* Work item
With both ends included, repeat exactly the lines of the entries below from the one containing "-2330 -210 0 -210 0 0 -90" down to the one containing "l-18 67 -197", and no others.

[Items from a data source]
------------------------------------------------------------
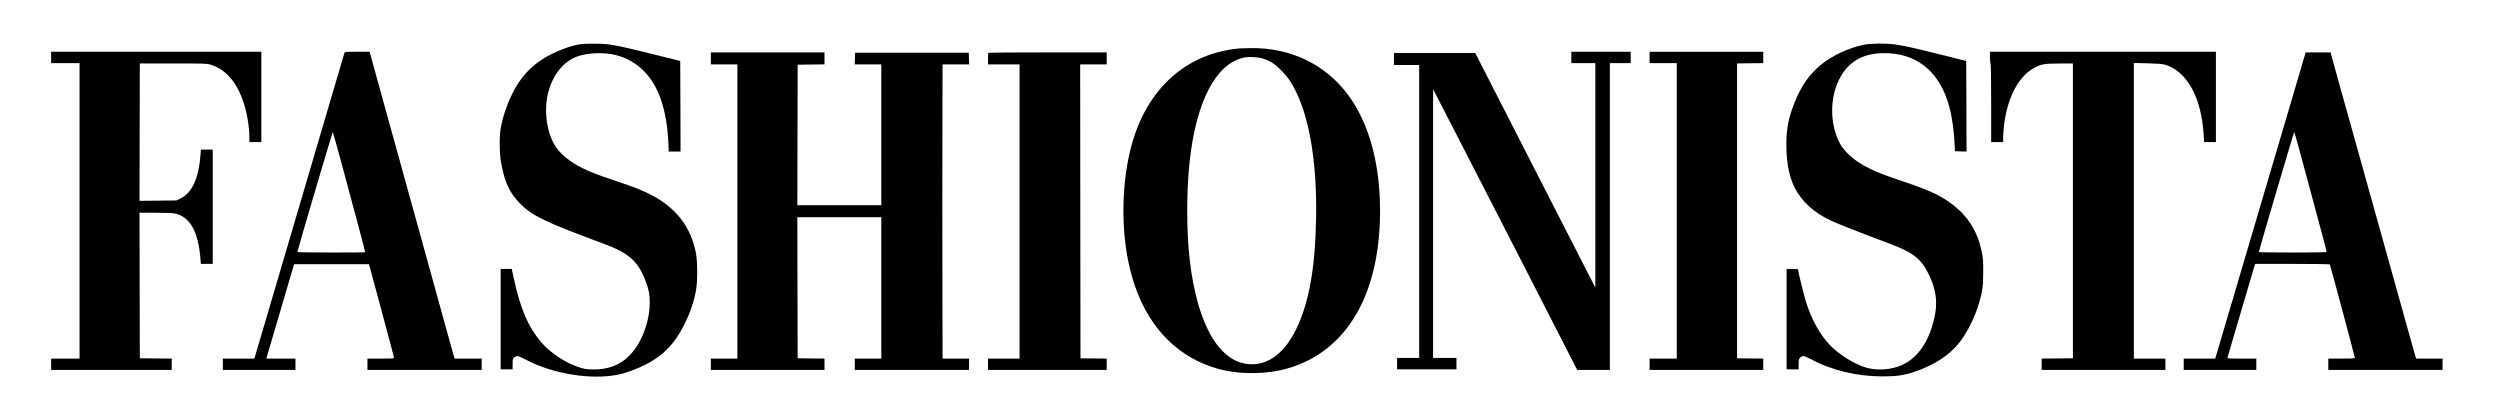 <?xml version="1.0" standalone="no"?>
<!DOCTYPE svg PUBLIC "-//W3C//DTD SVG 20010904//EN"
 "http://www.w3.org/TR/2001/REC-SVG-20010904/DTD/svg10.dtd">
<svg version="1.0" xmlns="http://www.w3.org/2000/svg"
 width="3960pt" height="666pt" viewBox="0 0 3960 666"
 preserveAspectRatio="xMidYMid meet">

<g transform="translate(0,666) scale(0.1,-0.1)"
fill="#000000" stroke="none">
<path d="M9163 5955 c-91 -16 -211 -55 -340 -111 -263 -113 -459 -271 -605
-488 -128 -192 -237 -464 -284 -711 -25 -126 -24 -393 0 -540 51 -314 135
-499 303 -669 190 -194 401 -295 1323 -636 409 -151 552 -281 673 -610 46
-123 59 -200 59 -335 -1 -247 -97 -540 -239 -730 -162 -217 -367 -317 -653
-317 -95 1 -131 5 -205 27 -216 63 -473 229 -621 403 -207 242 -331 529 -435
1010 l-33 152 -88 0 -88 0 0 -795 0 -795 95 0 95 0 0 84 c0 79 2 86 26 105 15
12 37 21 51 21 13 0 70 -25 126 -54 426 -228 1039 -328 1472 -240 115 23 312
96 442 164 277 145 445 320 600 625 99 197 155 362 190 560 23 138 23 423 -1
560 -75 426 -319 742 -733 949 -149 74 -219 101 -545 212 -295 99 -400 140
-531 205 -173 86 -329 210 -406 322 -155 226 -206 606 -119 902 81 279 255
479 476 549 162 51 405 58 578 16 173 -41 337 -135 460 -262 231 -238 357
-614 381 -1130 l6 -138 94 0 93 0 -2 717 -3 717 -410 102 c-449 111 -558 136
-712 159 -125 18 -389 18 -490 0z"/>
<path d="M29515 5950 c-228 -46 -509 -179 -675 -319 -194 -164 -308 -330 -419
-608 -92 -232 -124 -400 -125 -648 0 -256 34 -459 105 -630 84 -202 258 -391
474 -513 152 -86 268 -133 1085 -443 348 -132 477 -236 591 -474 140 -292 152
-514 47 -845 -101 -319 -294 -540 -543 -620 -174 -55 -365 -57 -522 -5 -183
62 -405 203 -542 344 -164 170 -296 407 -386 694 -29 95 -125 483 -125 510 0
4 -40 7 -90 7 l-90 0 0 -795 0 -795 95 0 95 0 0 80 c0 73 3 83 25 105 13 14
36 25 51 25 14 0 72 -24 128 -54 322 -173 725 -268 1126 -268 224 0 346 18
509 74 317 108 559 268 715 471 121 158 246 411 305 619 55 190 65 265 65 488
1 175 -2 221 -22 318 -64 316 -210 555 -457 747 -184 143 -359 226 -768 364
-345 117 -411 142 -542 206 -154 74 -278 160 -366 252 -91 97 -132 165 -176
292 -101 295 -76 645 64 901 155 283 407 408 781 386 475 -28 806 -323 948
-843 47 -172 79 -411 87 -638 l2 -70 93 -3 92 -3 -2 718 -3 717 -350 88 c-445
111 -632 154 -769 173 -151 21 -395 19 -511 -5z"/>
<path d="M19635 5893 c-838 -73 -1465 -633 -1710 -1530 -151 -549 -172 -1253
-55 -1833 154 -769 539 -1319 1112 -1595 263 -126 531 -185 846 -185 324 0
597 59 860 185 756 363 1172 1209 1172 2385 0 754 -176 1391 -505 1835 -362
487 -909 750 -1540 743 -77 -1 -158 -3 -180 -5z m375 -162 c36 -11 94 -37 130
-58 84 -49 222 -186 289 -288 288 -438 436 -1212 418 -2195 -15 -783 -114
-1331 -316 -1745 -178 -363 -420 -555 -701 -555 -501 0 -862 604 -984 1645
-54 459 -54 1106 0 1585 105 936 412 1525 849 1626 82 19 232 12 315 -15z"/>
<path d="M810 5750 l0 -90 225 0 225 0 0 -2340 0 -2340 -225 0 -225 0 0 -90 0
-90 955 0 955 0 0 90 0 90 -252 2 -253 3 -3 1153 -2 1152 249 0 c136 0 272 -5
301 -10 245 -46 380 -280 415 -717 l7 -83 94 0 94 0 0 905 0 905 -94 0 -94 0
-6 -87 c-29 -369 -133 -596 -314 -685 l-67 -33 -292 -3 -293 -3 2 1088 3 1088
530 0 c486 0 535 -2 590 -18 276 -86 469 -342 565 -751 29 -121 50 -283 50
-388 l0 -88 95 0 95 0 0 715 0 715 -1665 0 -1665 0 0 -90z"/>
<path d="M5456 5823 c-8 -27 -1212 -4117 -1316 -4468 -50 -170 -95 -325 -101
-342 l-11 -33 -249 0 -249 0 0 -90 0 -90 575 0 575 0 0 90 0 90 -230 0 -230 0
5 23 c3 12 102 348 220 747 l213 725 594 0 593 0 197 -730 c109 -401 197 -738
198 -747 0 -17 -17 -18 -210 -18 l-210 0 0 -90 0 -90 905 0 905 0 0 90 0 90
-215 0 -214 0 -20 67 c-11 38 -74 266 -141 508 -67 242 -198 717 -292 1055
-380 1374 -484 1748 -684 2472 l-209 758 -197 0 c-179 0 -197 -2 -202 -17z
m-16 -1860 c89 -335 204 -762 255 -950 51 -189 90 -345 87 -348 -8 -8 -1072
-6 -1072 3 -1 16 555 1902 561 1902 3 0 79 -273 169 -607z"/>
<path d="M24890 5750 l0 -90 190 0 190 0 0 -1777 0 -1778 -83 160 c-46 88
-474 924 -951 1858 l-868 1697 -644 0 -644 0 0 -95 0 -95 200 0 200 0 0 -2320
0 -2320 -175 0 -175 0 0 -90 0 -90 470 0 470 0 0 90 0 90 -185 0 -185 0 0
2128 0 2127 48 -90 c27 -49 540 -1050 1142 -2222 l1093 -2133 258 0 259 0 0
2430 0 2430 165 0 165 0 0 90 0 90 -470 0 -470 0 0 -90z"/>
<path d="M26130 5750 l0 -90 215 0 215 0 0 -2340 0 -2340 -215 0 -215 0 0 -90
0 -90 900 0 900 0 0 90 0 90 -207 2 -208 3 0 2335 0 2335 208 3 207 2 0 90 0
90 -900 0 -900 0 0 -90z"/>
<path d="M31520 5751 c0 -50 5 -93 10 -96 6 -4 10 -223 10 -626 l0 -619 95 0
95 0 0 78 c0 43 7 131 15 197 55 444 238 780 493 909 100 51 158 60 387 60
l210 1 0 -2335 0 -2335 -247 -3 -248 -2 0 -90 0 -90 980 0 980 0 0 90 0 90
-250 0 -250 0 0 2341 0 2342 218 -6 c152 -4 234 -10 272 -21 258 -73 460 -330
555 -706 33 -128 52 -261 61 -406 l7 -114 93 0 94 0 0 715 0 715 -1790 0
-1790 0 0 -89z"/>
<path d="M11260 5735 l0 -95 210 0 210 0 0 -2330 0 -2330 -210 0 -210 0 0 -90
0 -90 900 0 900 0 0 90 0 90 -212 2 -213 3 -3 1117 -2 1118 665 0 665 0 0
-1120 0 -1120 -210 0 -210 0 0 -90 0 -90 905 0 905 0 0 90 0 90 -210 0 -210 0
-2 1223 c-2 672 -2 1720 0 2330 l2 1107 210 0 211 0 -3 93 -3 92 -900 0 -900
0 -3 -92 -3 -93 211 0 210 0 0 -1115 0 -1115 -665 0 -665 0 2 1113 3 1112 213
3 212 2 0 95 0 95 -900 0 -900 0 0 -95z"/>
<path d="M15657 5823 c-4 -3 -7 -46 -7 -95 l0 -88 250 0 250 0 0 -2330 0
-2330 -250 0 -250 0 0 -90 0 -90 940 0 940 0 0 90 0 90 -207 2 -208 3 -3 2328
-2 2327 210 0 210 0 0 95 0 95 -933 0 c-514 0 -937 -3 -940 -7z"/>
<path d="M36505 5773 c-9 -32 -122 -413 -250 -848 -129 -434 -439 -1485 -690
-2335 -251 -850 -460 -1560 -466 -1578 l-11 -32 -249 0 -249 0 0 -90 0 -90
575 0 575 0 0 90 0 90 -231 0 c-215 0 -230 1 -225 18 3 9 51 172 106 362 147
500 309 1050 321 1088 l11 32 588 0 c324 0 591 -4 594 -8 8 -13 396 -1460 396
-1477 0 -13 -29 -15 -210 -15 l-210 0 0 -90 0 -90 905 0 905 0 0 90 0 90 -209
0 -209 0 -11 32 c-5 18 -37 130 -70 248 -33 118 -193 692 -356 1275 -163 583
-366 1310 -451 1615 -86 305 -218 778 -294 1050 -76 272 -146 525 -156 563
l-18 67 -197 0 -198 0 -16 -57z m30 -1905 c104 -387 218 -813 255 -948 37
-135 65 -248 63 -252 -2 -5 -245 -8 -539 -8 -294 0 -534 3 -534 8 -1 16 555
1902 560 1902 4 0 91 -316 195 -702z"/>
</g>
</svg>
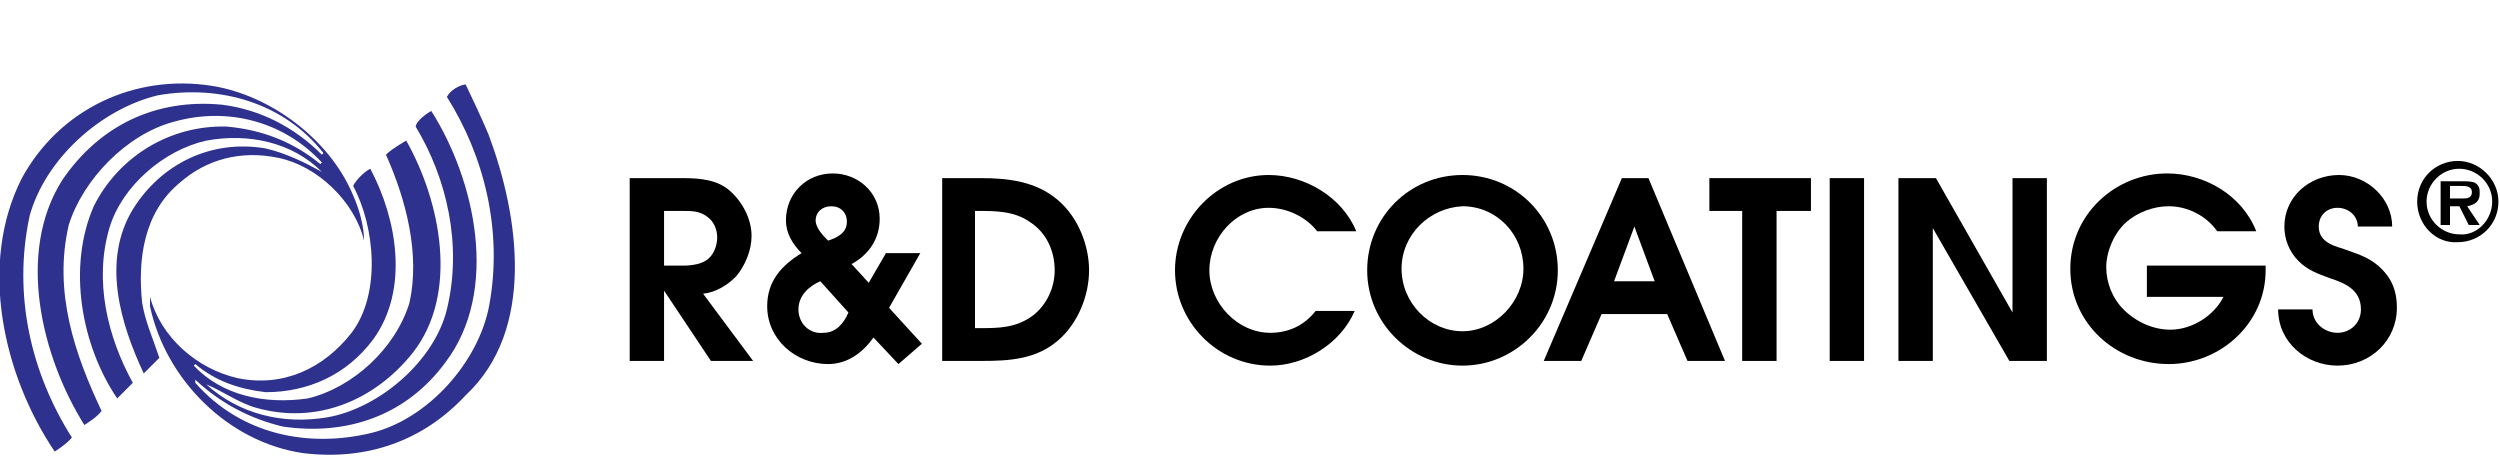 <?xml version="1.0" encoding="UTF-8"?> <!-- Generator: Adobe Illustrator 26.5.0, SVG Export Plug-In . SVG Version: 6.00 Build 0) --> <svg xmlns="http://www.w3.org/2000/svg" xmlns:xlink="http://www.w3.org/1999/xlink" version="1.1" id="Layer_1" x="0px" y="0px" width="160px" height="29.4px" viewBox="0 0 160 29.4" style="enable-background:new 0 0 160 29.4;" xml:space="preserve"> <style type="text/css"> .st0{fill:#2E318D;} .st1{fill-rule:evenodd;clip-rule:evenodd;fill:#2E318D;} </style> <g> <path class="st0" d="M22.6,12.5c0.4,0.9,0.7,2,0.7,2.9c-0.6-2.5-3-4.8-5.5-5.3c-2.4-0.5-4.6,0.1-6.3,1.6c-2.3,1.9-2.7,4.9-2.4,7.7 c0.2,1.2,0.7,2.3,1.1,3.5l-1,1c-1.5-3.2-2.7-7.2-0.7-10.5c1.8-2.9,5-4.5,8.5-3.9c1.3,0.3,2.5,0.9,3.6,1.5c-1.9-1.9-4.7-2.5-7.4-2 c-2.7,0.6-5.4,2.9-6.2,5.6C6,18,6.9,21.6,8.5,24.5l-1,1C5.2,22.1,4.3,17.1,6,13.2C7.6,10,10.9,8,14.5,8.1c2.3,0.2,4.3,1,6,2.4 l0.1-0.1c-2.4-2.6-6-3.6-9.5-2.6c-3,0.8-5.8,3.7-6.7,6.6c-1,4.3,0.4,8.3,2.1,11.9c-0.3,0.4-0.8,0.7-1.1,0.9 c-2.7-4.3-4.4-11-1.4-15.7c2.4-3.5,6-5.2,10.2-4.8c2.4,0.3,4.6,1.4,6.4,3.2l0.1-0.1c-2.5-3.2-6.6-4.4-10.6-3.7 C6.4,7,2.9,10.2,1.9,13.8C0.8,18.9,2,23.9,4.6,28c-0.3,0.4-1.1,0.9-1.1,0.9c-3.3-4.9-4.9-12-2.1-17.5c2.4-4.4,7.2-6.7,12.2-5.9 C17.3,6.1,21.1,8.9,22.6,12.5"></path> <path class="st1" d="M31.3,8.7c1.9,5.1,3,12.4-1.5,16.6c-2.7,2.9-6.3,4.2-10.4,3.7c-4.8-0.7-8.8-4.7-9.8-9.4V19 c0.7,2.6,3,4.6,5.6,5.2c2.9,0.6,5.5-0.6,7.3-2.9c1.9-2.5,1.5-6.8,0.1-9.4c0.2-0.4,0.7-0.9,1.1-1.1c1.7,3.2,2.5,7.7,0.2,10.9 c-1.7,2.3-4.2,3.4-6.9,3.4c-1.7-0.2-3.2-0.7-4.5-1.8l-0.1,0.1c1.8,1.9,4.5,2.5,7.3,2.1c2.9-0.7,5.6-3.2,6.5-6.1 c0.7-3.1-0.2-6.6-1.5-9.5c0.4-0.4,1.3-0.9,1.3-0.9c2.2,3.9,3.4,9.8,0.4,13.6c-2.4,3-6.1,4.6-10,3.5c-1.1-0.3-2.2-1.1-3.2-1.5 c2.1,1.9,4.9,2.6,7.8,2.1c3.3-0.6,6.8-3.6,7.6-6.9c1-4.1,0-8.4-2-11.7c0.1-0.5,1-1,1-1c2.8,4.4,4.4,11.5,0.9,16.1 c-2.5,3.4-6.3,4.7-10.4,4.1c-2.1-0.5-4-1.5-5.6-3v0.2c2.9,3.3,7.2,4.2,11.3,3.2c3.6-0.9,6.8-4.5,7.5-8.1c0.9-4.8-0.3-9.6-2.7-13.4 c0.4-0.7,1.2-0.8,1.2-0.8C31,7.9,31.3,8.7,31.3,8.7"></path> <path d="M40.3,11.4h3.4c1.1,0,2.2,0.1,3,0.8c0.8,0.7,1.4,1.8,1.4,2.9c0,0.9-0.4,1.9-1,2.6c-0.6,0.6-1.3,1-2.1,1.1l3.2,4.3h-2.7 l-3-4.5h0v4.5h-2.2V11.4z M43.7,17c0.6,0,1.3-0.1,1.7-0.5c0.3-0.3,0.5-0.8,0.5-1.3c0-0.5-0.2-1-0.6-1.3c-0.5-0.4-1-0.4-1.6-0.4 h-1.2V17H43.7z"></path> <path d="M58.9,16.2l-2,3.5L59,22l-1.5,1.3l-1.6-1.7c-0.7,1-1.7,1.7-2.9,1.7c-2.1,0-3.9-1.6-3.9-3.7c0-1.6,0.9-2.6,2.2-3.4 c-0.6-0.6-1-1.3-1-2.1c0-1.7,1.3-3,3-3c1.6,0,3,1.2,3,2.9c0,1.3-0.7,2.3-1.8,2.9l1.1,1.2l1.1-1.9H58.9z M52.5,18 c-0.7,0.3-1.4,0.9-1.4,1.8c0,0.9,0.7,1.6,1.6,1.5c0.8,0,1.3-0.6,1.6-1.3L52.5,18z M54.2,14.2c0-0.6-0.4-1-1-1c-0.6,0-1,0.4-1,0.9 c0,0.5,0.5,1,0.8,1.3C53.6,15.2,54.2,14.9,54.2,14.2z"></path> <path d="M60.3,11.4h2.5c1.7,0,3.5,0.2,4.9,1.4c1.3,1.1,2,2.9,2,4.5c0,1.6-0.7,3.4-2,4.5c-1.4,1.2-3.1,1.3-4.9,1.3h-2.5V11.4z M62.7,21c1.2,0,2.3,0,3.4-0.8c0.9-0.7,1.4-1.8,1.4-2.9c0-1.2-0.5-2.4-1.6-3.1c-1-0.7-2.2-0.7-3.3-0.7h-0.2V21H62.7z"></path> <path d="M86.7,19.9c-0.9,2.1-3.2,3.5-5.4,3.5c-3.4,0-6.1-2.8-6.1-6.1c0-3.3,2.7-6.1,6-6.1c2.3,0,4.7,1.4,5.6,3.6h-2.5 c-0.7-0.9-1.9-1.5-3.1-1.5c-2.1,0-3.8,1.9-3.8,4c0,2.1,1.8,4,3.9,4c1.2,0,2.2-0.5,2.9-1.4H86.7z"></path> <path d="M99.7,17.3c0,3.4-2.8,6.1-6.1,6.1c-3.3,0-6.1-2.7-6.1-6.1c0-3.4,2.7-6.1,6.1-6.1C97,11.2,99.7,13.9,99.7,17.3z M89.7,17.2 c0,2.2,1.8,4,3.9,4c2.1,0,3.9-1.9,3.9-4c0-2.2-1.7-4-3.9-4C91.5,13.3,89.7,15,89.7,17.2z"></path> <path d="M103.8,11.4h1.7l4.9,11.7H108l-1.3-3h-4.2l-1.3,3h-2.4L103.8,11.4z M105.9,18l-1.3-3.5l-1.3,3.5H105.9z"></path> <path d="M111.6,13.5h-2.2v-2.1h6.5v2.1h-2.2v9.6h-2.2V13.5z"></path> <path d="M117.1,11.4h2.2v11.7h-2.2V11.4z"></path> <path d="M121.5,11.4h2.4l4.9,8.6v-8.6h2.2v11.7h-2.4l-4.9-8.5v8.5h-2.2V11.4z"></path> <path d="M141.9,14.8c-0.7-1-1.9-1.6-3.1-1.6c-1,0-2,0.4-2.7,1c-0.8,0.7-1.3,1.9-1.3,2.9c0,1,0.4,2,1.1,2.7c0.8,0.8,1.9,1.3,3,1.3 c1.4,0,2.8-0.9,3.4-2.1h-4.9v-2h7.6v0.3c0,3.4-2.9,6-6.2,6c-3.4,0-6.3-2.6-6.3-6.1c0-3.5,2.9-6.1,6.2-6.1c2.4,0,4.8,1.4,5.7,3.7 H141.9z"></path> <path d="M148,19.8c0,0.9,0.8,1.5,1.6,1.5c0.8,0,1.5-0.6,1.5-1.5c0-1.3-1.1-1.7-2-2c-0.8-0.3-1.4-0.5-2-1.1 c-0.6-0.6-0.9-1.4-0.9-2.2c0-1.9,1.6-3.3,3.5-3.3c1.8,0,3.4,1.5,3.4,3.3h-2.2c0-0.7-0.6-1.2-1.3-1.2c-0.7,0-1.2,0.5-1.2,1.2 c0,0.9,0.8,1.2,1.5,1.4c0.8,0.3,1.6,0.5,2.3,1.1c0.8,0.7,1.2,1.5,1.2,2.7c0,2.1-1.7,3.7-3.8,3.7c-2,0-3.8-1.5-3.8-3.6H148z"></path> <g> <path d="M154.7,12.9c0-1.5,1.2-2.6,2.6-2.6c1.4,0,2.6,1.2,2.6,2.6c0,1.5-1.2,2.6-2.6,2.6C155.9,15.6,154.7,14.4,154.7,12.9z M159.5,12.9c0-1.2-1-2.1-2.1-2.1c-1.2,0-2.1,1-2.1,2.1c0,1.2,1,2.1,2.1,2.1C158.5,15.1,159.5,14.1,159.5,12.9z M158.7,14.4H158 l-0.6-1.2h-0.6v1.2h-0.6v-2.8h1.4c0.2,0,0.6,0,0.8,0.1c0.3,0.2,0.3,0.4,0.3,0.7c0,0.5-0.3,0.7-0.8,0.8L158.7,14.4z M157.7,12.7 c0.3,0,0.5-0.1,0.5-0.4c0-0.4-0.4-0.4-0.7-0.4h-0.7v0.8H157.7z"></path> </g> </g> </svg>
------------------------------------------------------------
* Task response
<path d="M11260 5735 l0 -95 210 0 210 0 0 -2330 0 -2330 -210 0 -210 0 0 -90
0 -90 900 0 900 0 0 90 0 90 -212 2 -213 3 -3 1117 -2 1118 665 0 665 0 0
-1120 0 -1120 -210 0 -210 0 0 -90 0 -90 905 0 905 0 0 90 0 90 -210 0 -210 0
-2 1223 c-2 672 -2 1720 0 2330 l2 1107 210 0 211 0 -3 93 -3 92 -900 0 -900
0 -3 -92 -3 -93 211 0 210 0 0 -1115 0 -1115 -665 0 -665 0 2 1113 3 1112 213
3 212 2 0 95 0 95 -900 0 -900 0 0 -95z"/>
<path d="M15657 5823 c-4 -3 -7 -46 -7 -95 l0 -88 250 0 250 0 0 -2330 0
-2330 -250 0 -250 0 0 -90 0 -90 940 0 940 0 0 90 0 90 -207 2 -208 3 -3 2328
-2 2327 210 0 210 0 0 95 0 95 -933 0 c-514 0 -937 -3 -940 -7z"/>
<path d="M36505 5773 c-9 -32 -122 -413 -250 -848 -129 -434 -439 -1485 -690
-2335 -251 -850 -460 -1560 -466 -1578 l-11 -32 -249 0 -249 0 0 -90 0 -90
575 0 575 0 0 90 0 90 -231 0 c-215 0 -230 1 -225 18 3 9 51 172 106 362 147
500 309 1050 321 1088 l11 32 588 0 c324 0 591 -4 594 -8 8 -13 396 -1460 396
-1477 0 -13 -29 -15 -210 -15 l-210 0 0 -90 0 -90 905 0 905 0 0 90 0 90 -209
0 -209 0 -11 32 c-5 18 -37 130 -70 248 -33 118 -193 692 -356 1275 -163 583
-366 1310 -451 1615 -86 305 -218 778 -294 1050 -76 272 -146 525 -156 563
l-18 67 -197 0 -198 0 -16 -57z m30 -1905 c104 -387 218 -813 255 -948 37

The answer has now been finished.